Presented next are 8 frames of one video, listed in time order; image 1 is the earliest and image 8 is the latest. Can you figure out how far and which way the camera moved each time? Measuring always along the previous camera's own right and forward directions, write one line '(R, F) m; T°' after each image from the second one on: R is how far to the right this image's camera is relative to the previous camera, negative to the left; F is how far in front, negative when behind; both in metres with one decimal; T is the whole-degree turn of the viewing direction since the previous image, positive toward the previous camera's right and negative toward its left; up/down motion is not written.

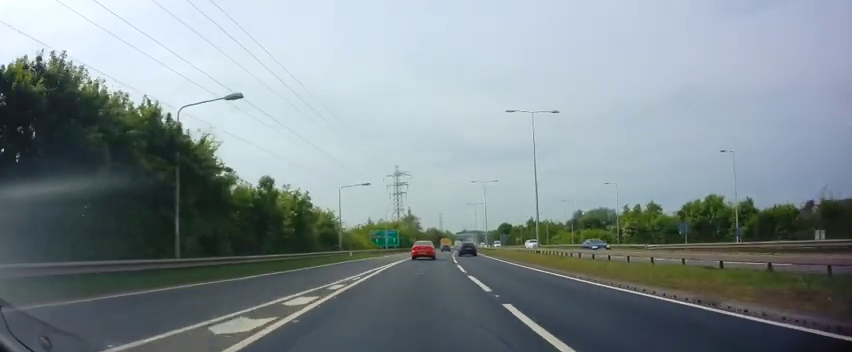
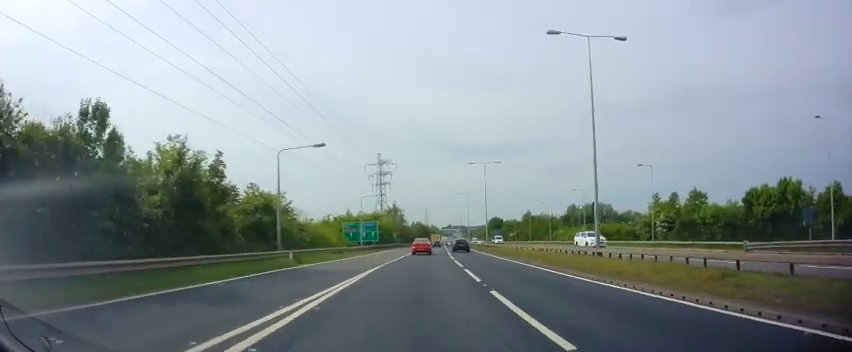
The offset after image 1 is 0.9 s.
(0.0, +15.8) m; +2°
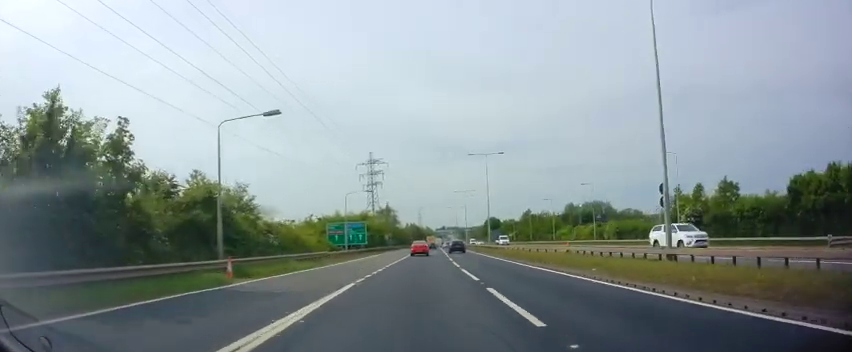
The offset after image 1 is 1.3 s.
(+0.3, +7.7) m; +1°
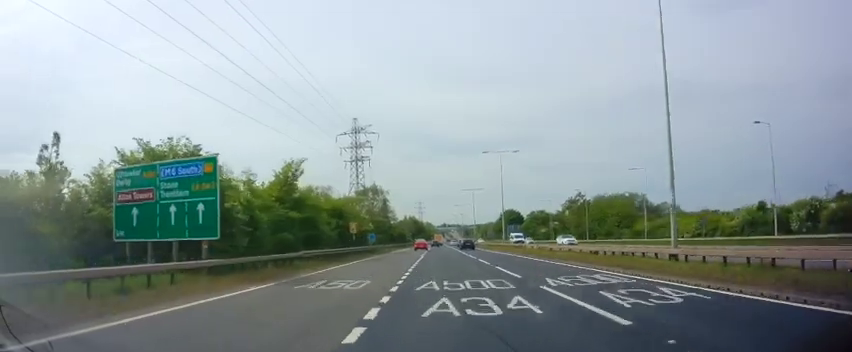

──────

** Goal of the exercise **
Give back the whole of the material exactly, with the pictures removed.

** Output for this exercise **
Presented next are 8 frames of one video, listed in time order; image 1 is the earliest and image 8 is the latest. Can you figure out how far and which way the camera moved each time? Measuring always along the previous camera's own right and forward directions, write one line '(R, F) m; T°' after each image from the second one on: R is how far to the right this image's camera is relative to the previous camera, negative to the left; F is how far in front, negative when behind; both in metres with one decimal; T is the whole-degree turn of the viewing direction since the previous image, positive toward the previous camera's right and negative toward its left; up/down motion is not written.

The offset after image 1 is 0.9 s.
(0.0, +15.8) m; +2°
The offset after image 1 is 1.3 s.
(+0.3, +7.7) m; +1°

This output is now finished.